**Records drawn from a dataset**
----------------

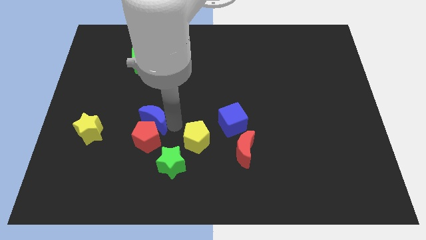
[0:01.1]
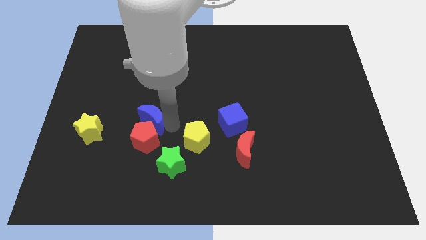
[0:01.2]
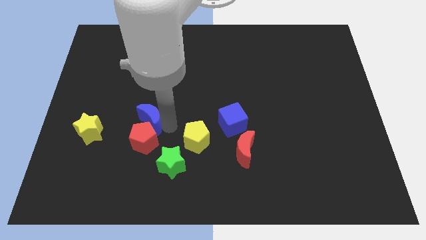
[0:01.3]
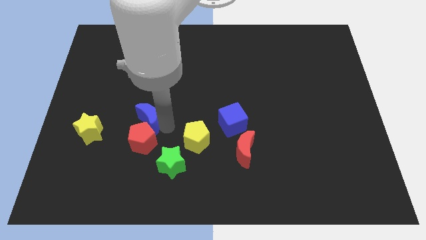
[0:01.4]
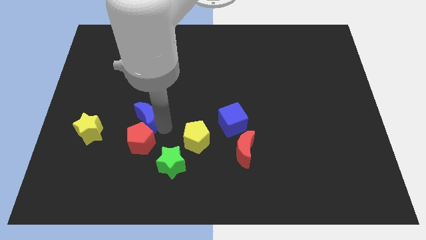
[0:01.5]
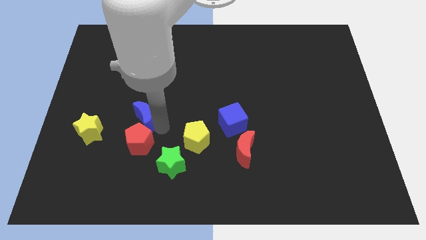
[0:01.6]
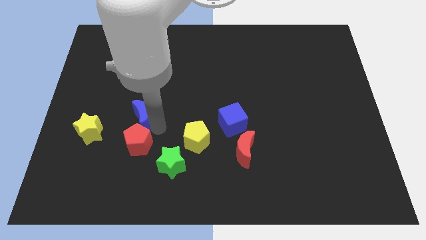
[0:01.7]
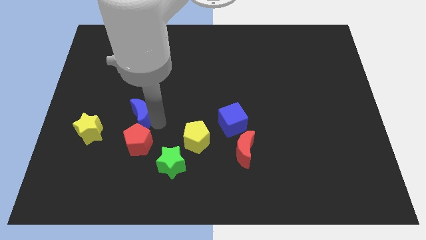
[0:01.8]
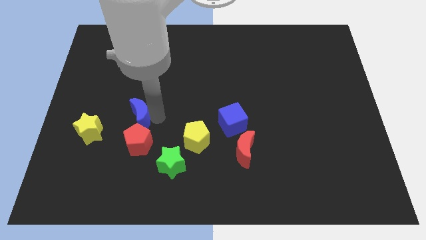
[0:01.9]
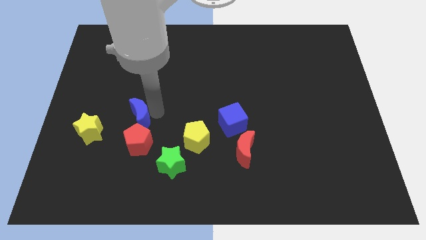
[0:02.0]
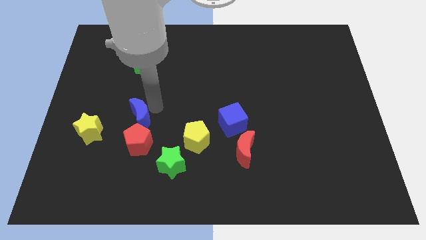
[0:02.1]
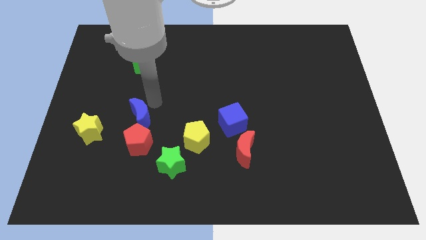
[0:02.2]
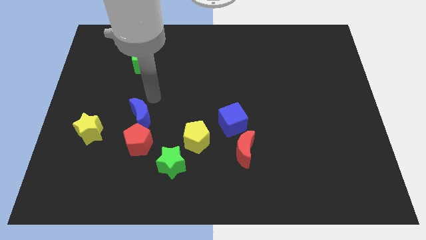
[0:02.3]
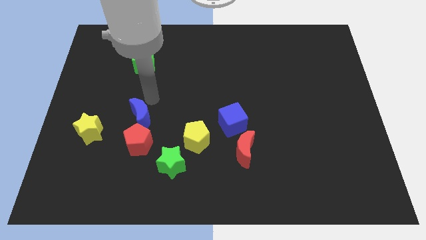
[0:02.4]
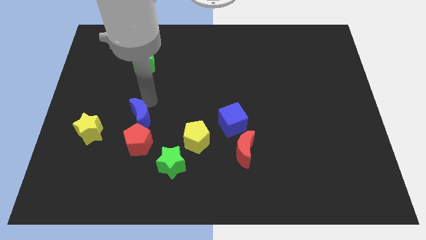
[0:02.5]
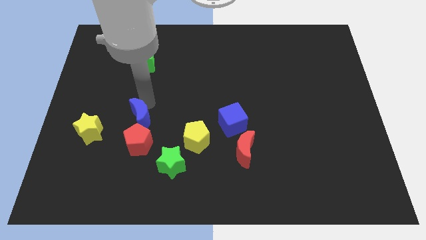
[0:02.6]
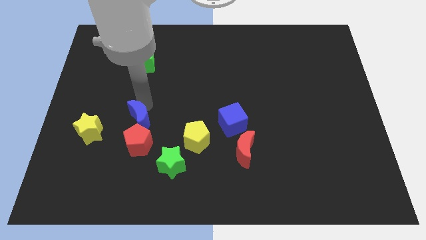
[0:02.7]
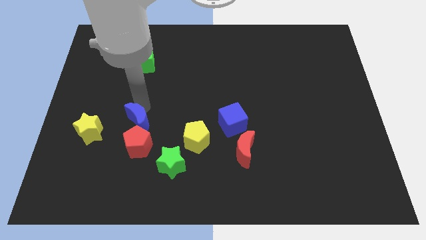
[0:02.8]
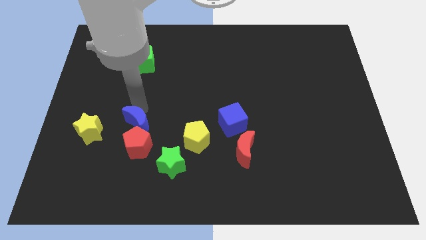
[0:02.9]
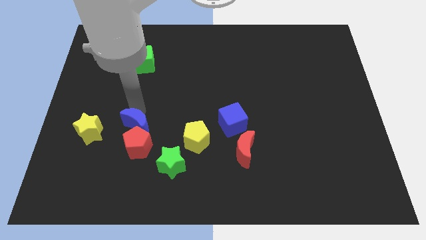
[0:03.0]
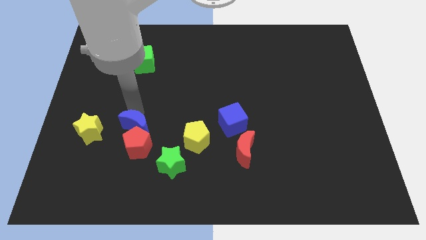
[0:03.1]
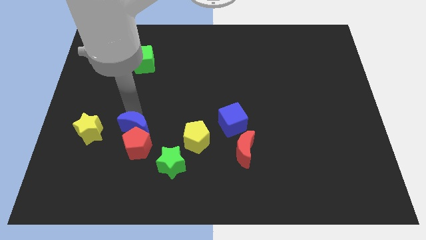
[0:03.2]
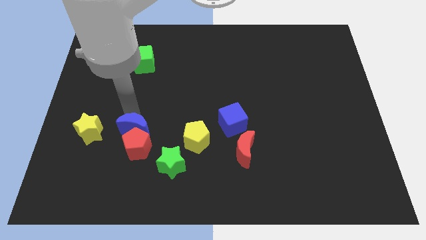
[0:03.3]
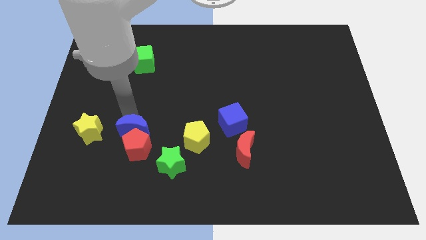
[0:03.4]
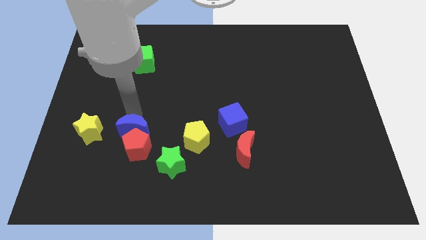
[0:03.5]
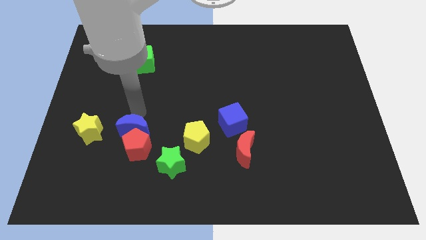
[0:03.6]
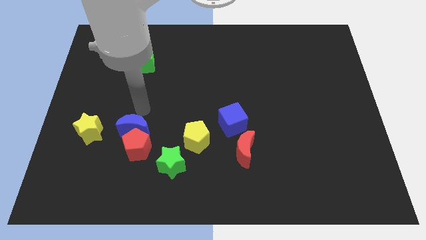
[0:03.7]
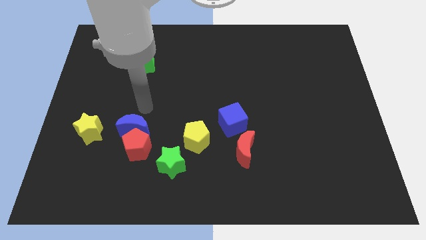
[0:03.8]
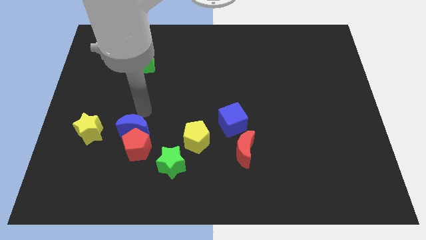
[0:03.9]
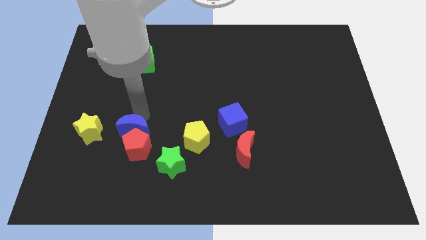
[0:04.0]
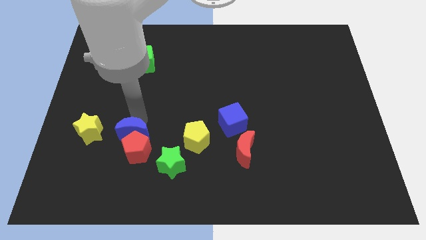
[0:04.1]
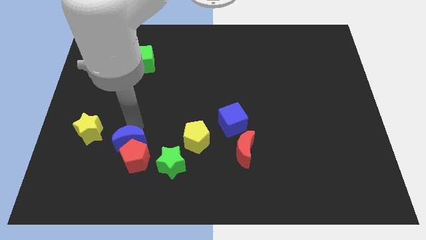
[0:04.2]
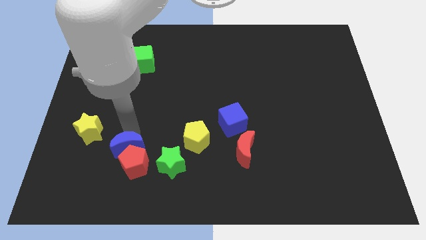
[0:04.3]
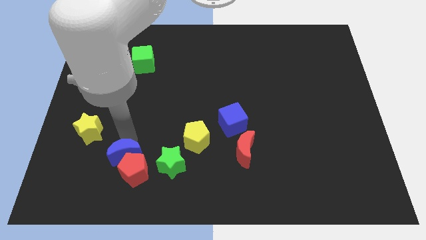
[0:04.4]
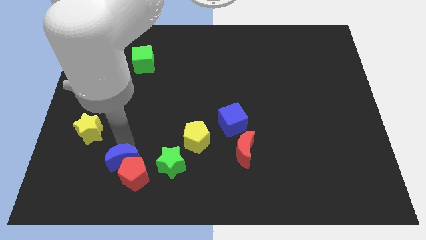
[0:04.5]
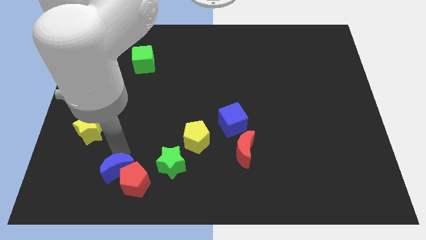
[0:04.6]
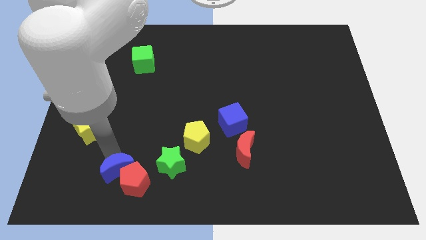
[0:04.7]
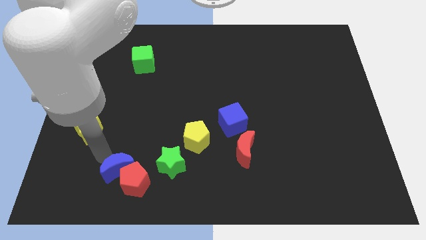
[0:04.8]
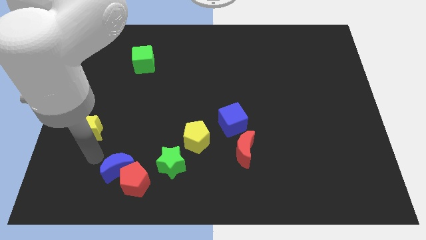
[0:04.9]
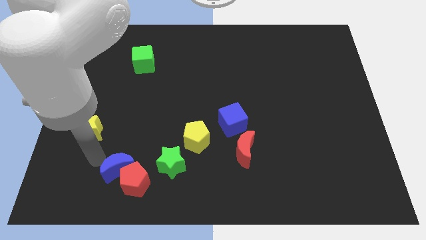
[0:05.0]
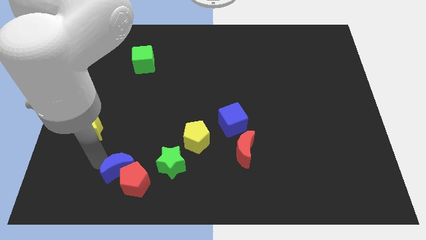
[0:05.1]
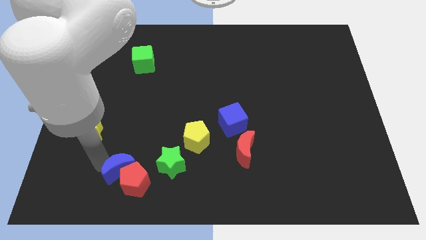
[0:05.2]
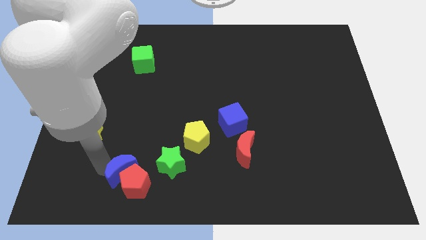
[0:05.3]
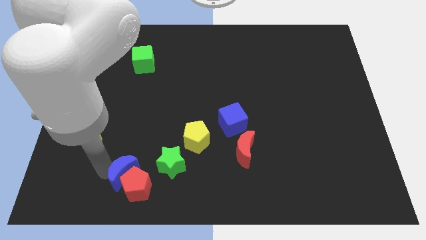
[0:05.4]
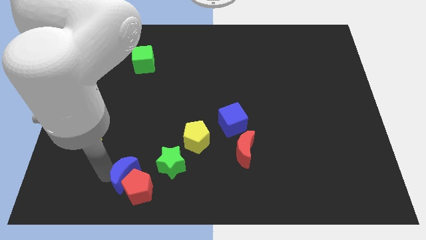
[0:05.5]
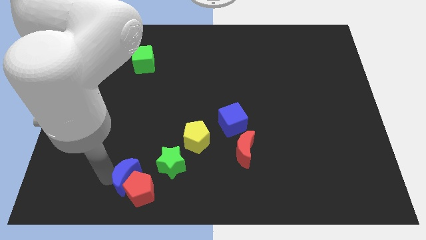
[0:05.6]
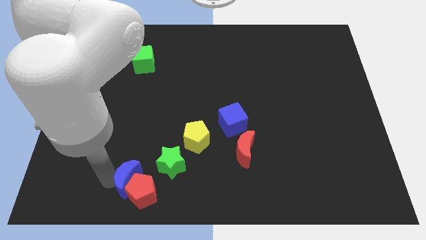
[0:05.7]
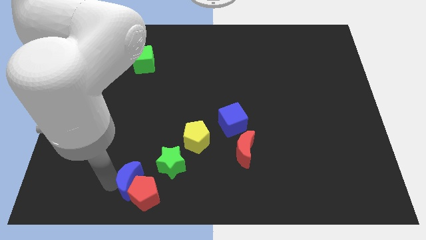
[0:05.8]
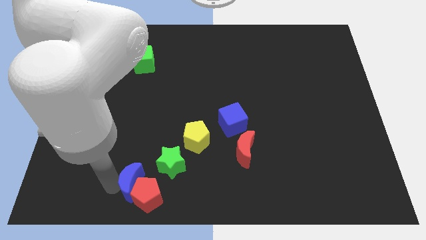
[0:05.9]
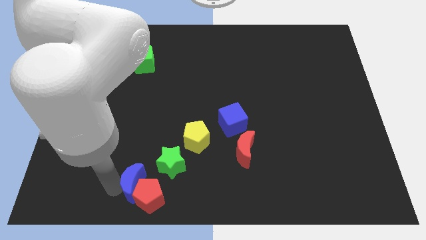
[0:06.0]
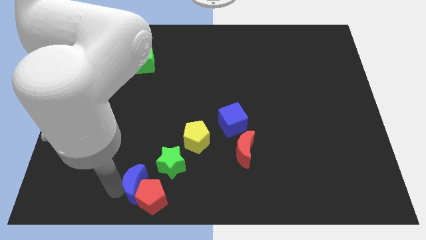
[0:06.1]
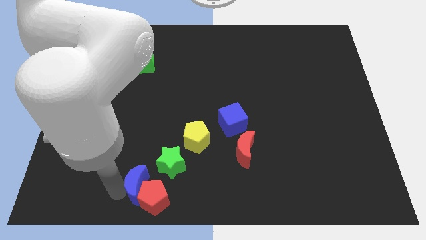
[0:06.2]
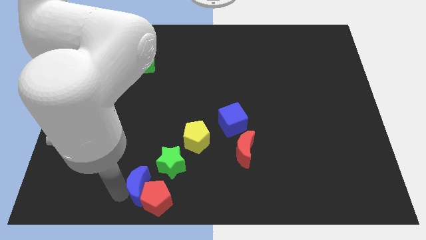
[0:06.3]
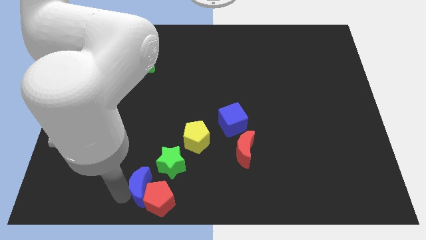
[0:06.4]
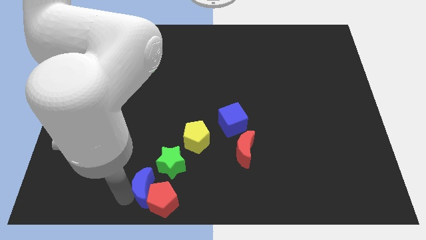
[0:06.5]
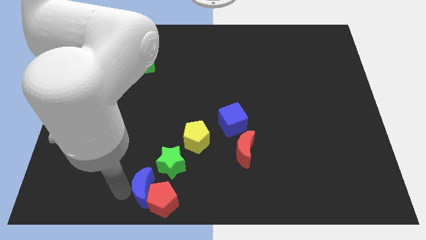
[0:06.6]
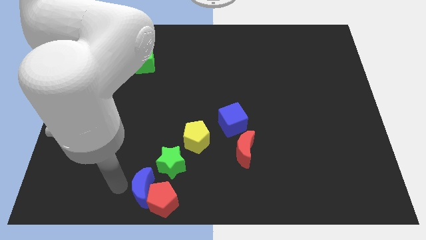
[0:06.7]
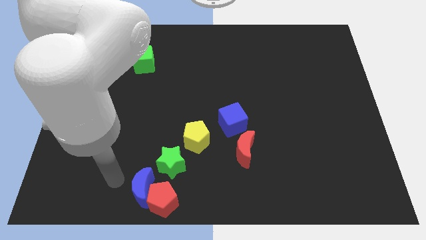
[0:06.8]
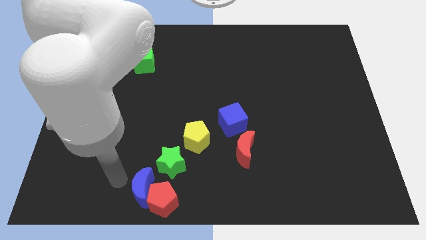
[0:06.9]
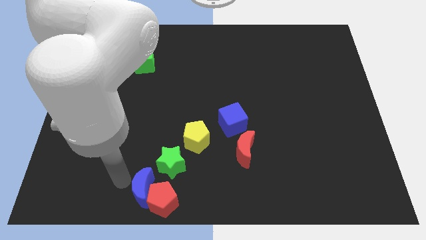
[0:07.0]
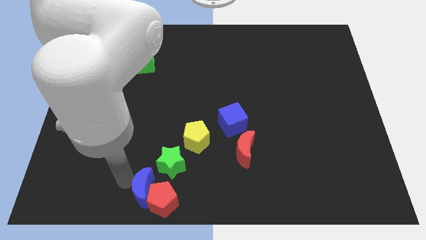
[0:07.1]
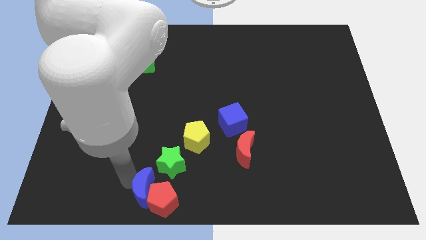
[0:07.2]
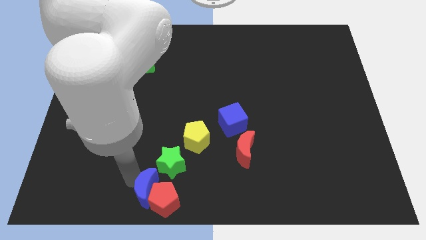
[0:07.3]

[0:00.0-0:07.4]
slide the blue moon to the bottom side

----------------

**Work required**
Give the records again exactly, without pictures.

**Your response**
[0:01.1]
[0:01.2]
[0:01.3]
[0:01.4]
[0:01.5]
[0:01.6]
[0:01.7]
[0:01.8]
[0:01.9]
[0:02.0]
[0:02.1]
[0:02.2]
[0:02.3]
[0:02.4]
[0:02.5]
[0:02.6]
[0:02.7]
[0:02.8]
[0:02.9]
[0:03.0]
[0:03.1]
[0:03.2]
[0:03.3]
[0:03.4]
[0:03.5]
[0:03.6]
[0:03.7]
[0:03.8]
[0:03.9]
[0:04.0]
[0:04.1]
[0:04.2]
[0:04.3]
[0:04.4]
[0:04.5]
[0:04.6]
[0:04.7]
[0:04.8]
[0:04.9]
[0:05.0]
[0:05.1]
[0:05.2]
[0:05.3]
[0:05.4]
[0:05.5]
[0:05.6]
[0:05.7]
[0:05.8]
[0:05.9]
[0:06.0]
[0:06.1]
[0:06.2]
[0:06.3]
[0:06.4]
[0:06.5]
[0:06.6]
[0:06.7]
[0:06.8]
[0:06.9]
[0:07.0]
[0:07.1]
[0:07.2]
[0:07.3]

[0:00.0-0:07.4]
slide the blue moon to the bottom side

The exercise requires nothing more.